Supplied material:
★ ★ ★ ★ ★ ★ ★

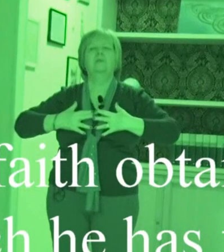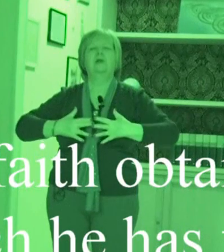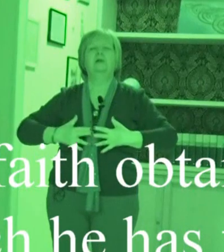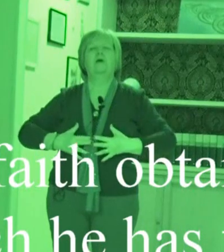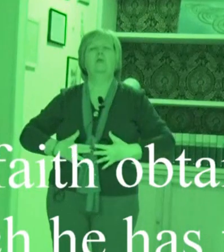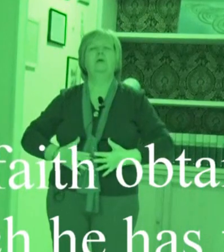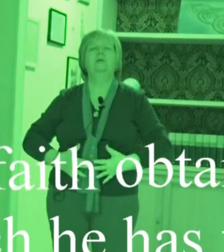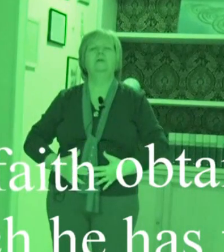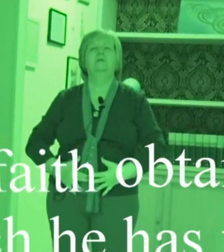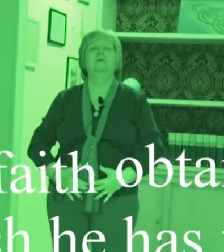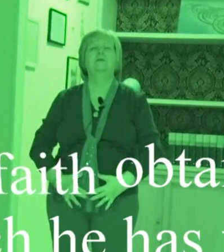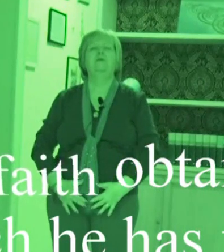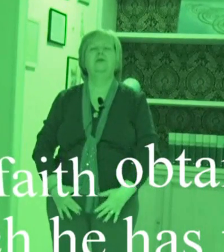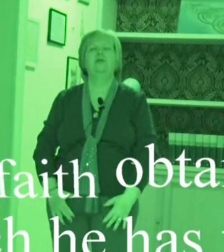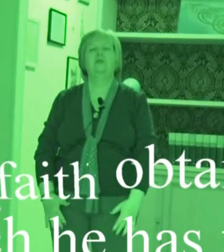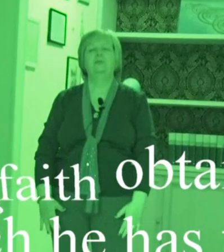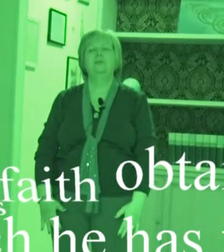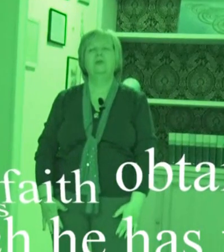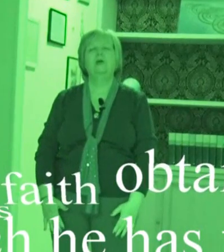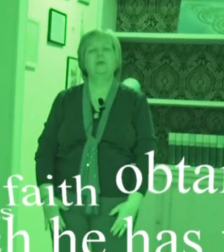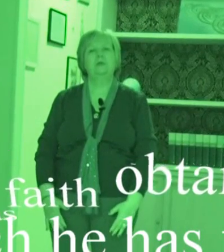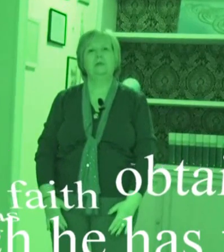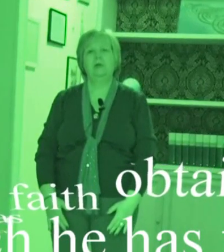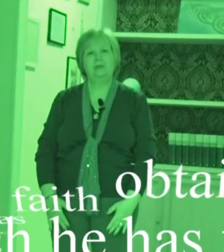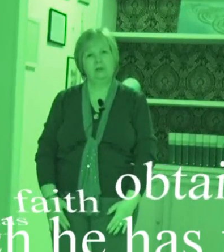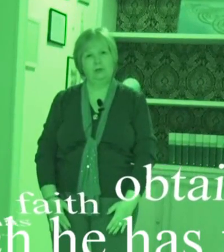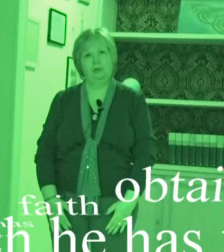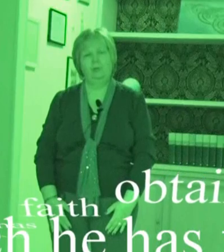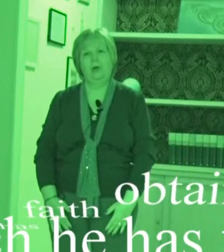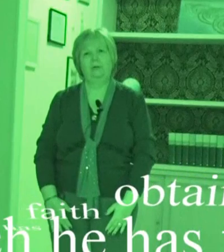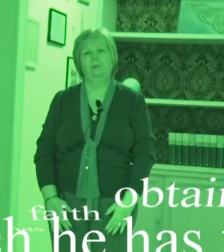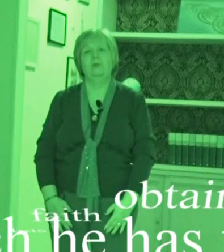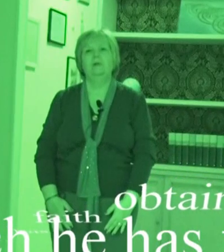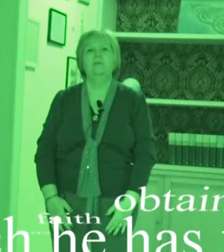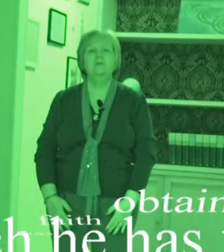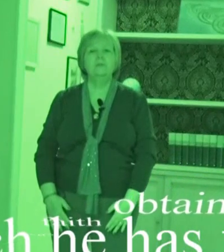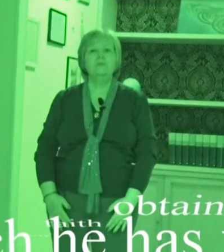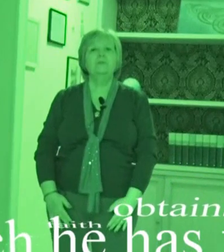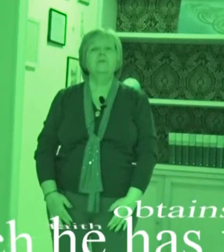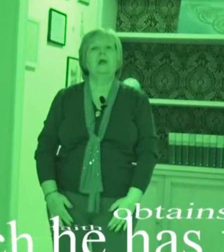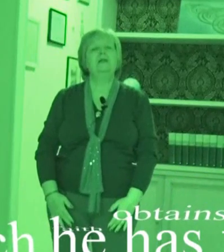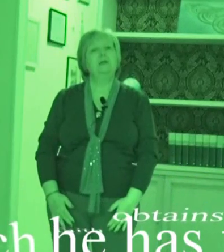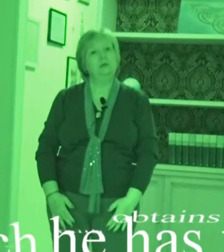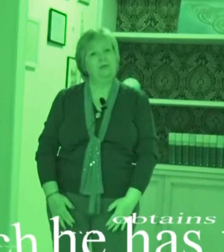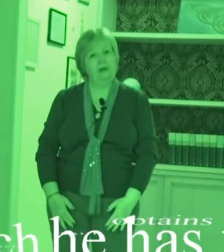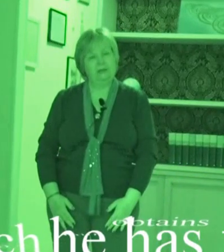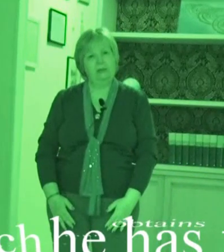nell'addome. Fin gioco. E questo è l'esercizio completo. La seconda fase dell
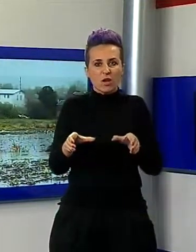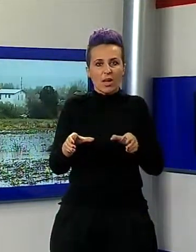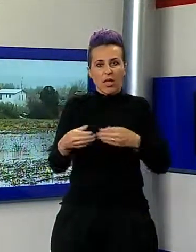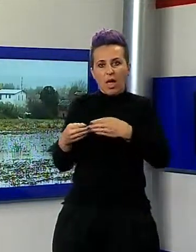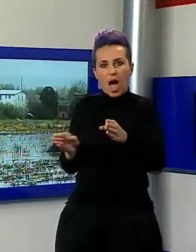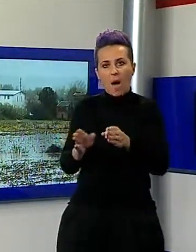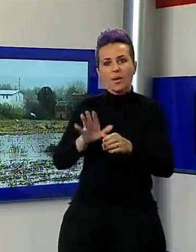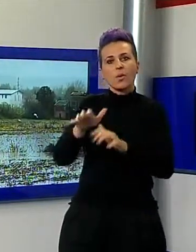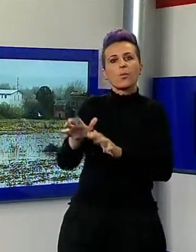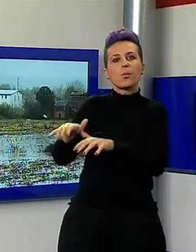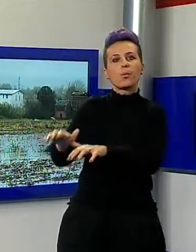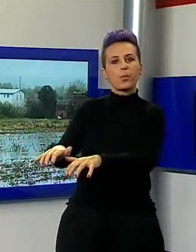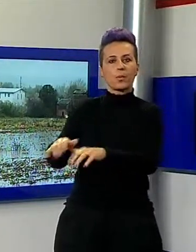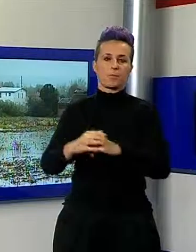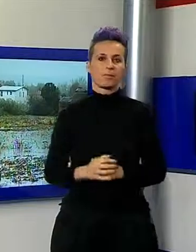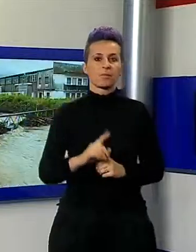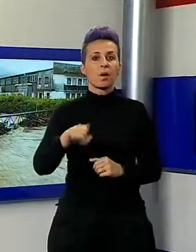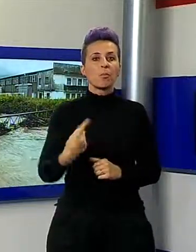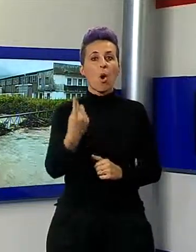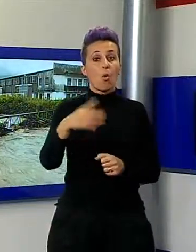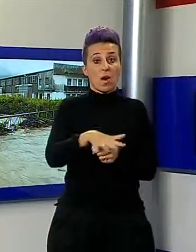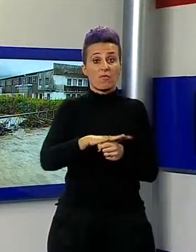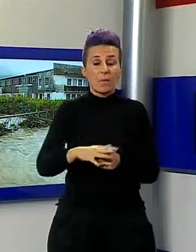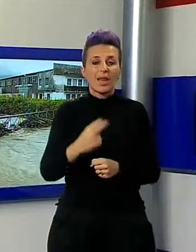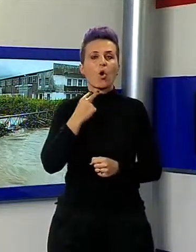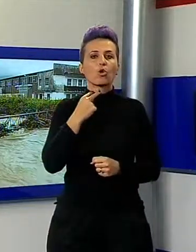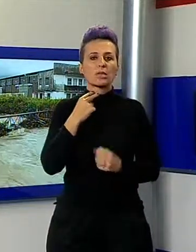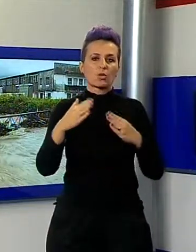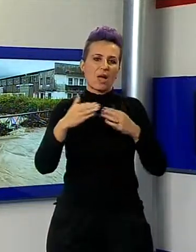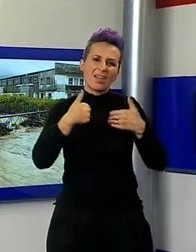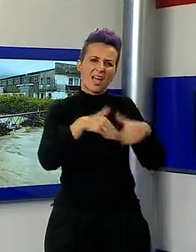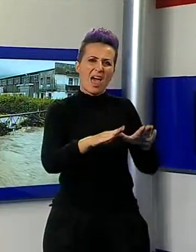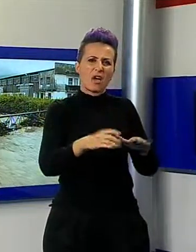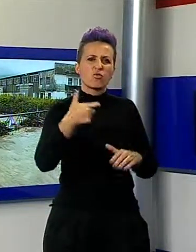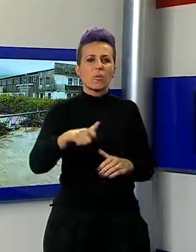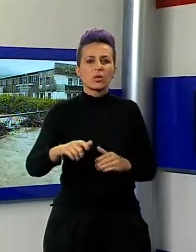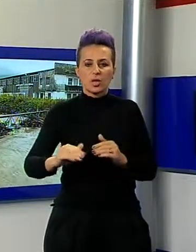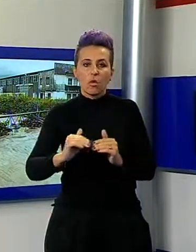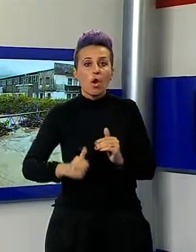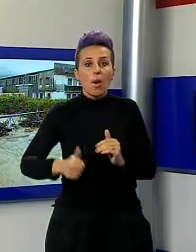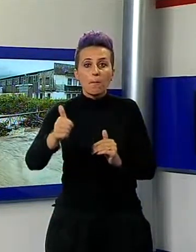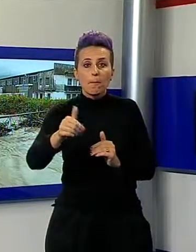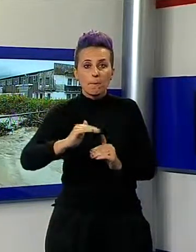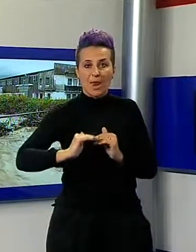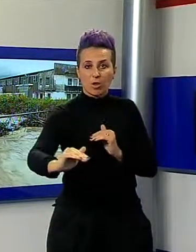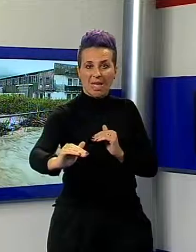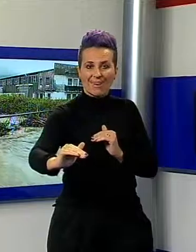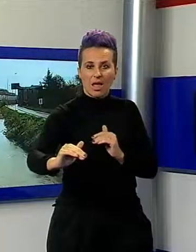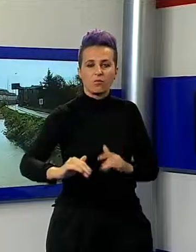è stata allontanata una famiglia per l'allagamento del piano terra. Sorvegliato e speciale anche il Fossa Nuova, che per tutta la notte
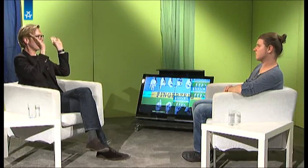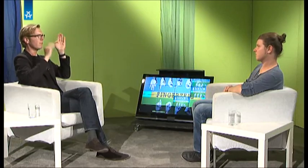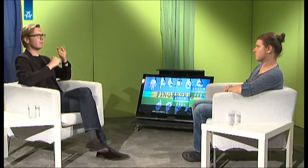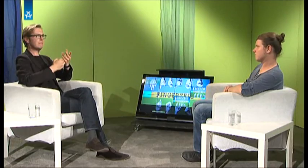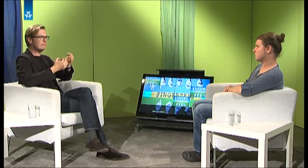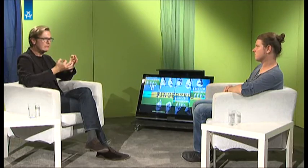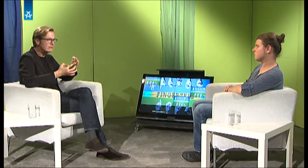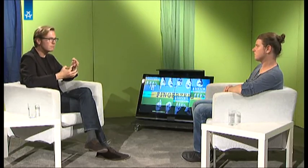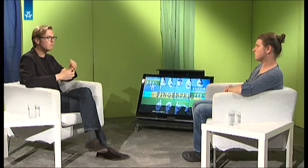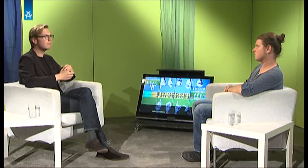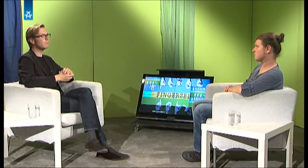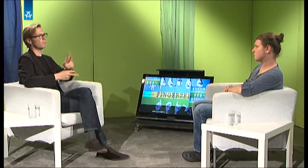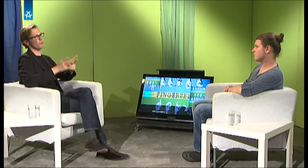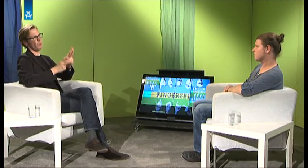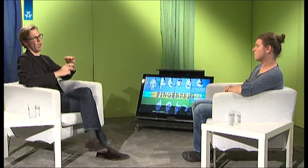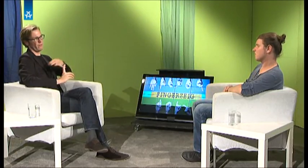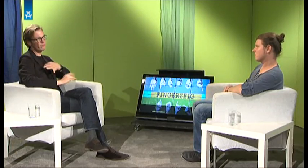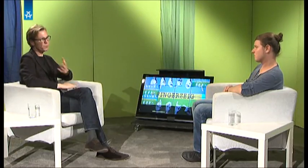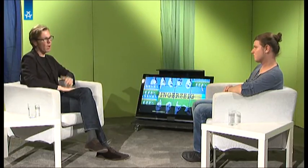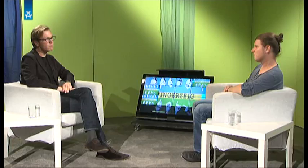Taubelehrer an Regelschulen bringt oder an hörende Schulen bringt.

★ ★ ★ ★ ★ ★ ★

Goal of the exercise: Copy out all the data above exactly as written. Skip the pictures.

Result for this exercise:
nell'addome. Fin gioco. E questo è l'esercizio completo. La seconda fase dell
è stata allontanata una famiglia per l'allagamento del piano terra. Sorvegliato e speciale anche il Fossa Nuova, che per tutta la notte
Taubelehrer an Regelschulen bringt oder an hörende Schulen bringt.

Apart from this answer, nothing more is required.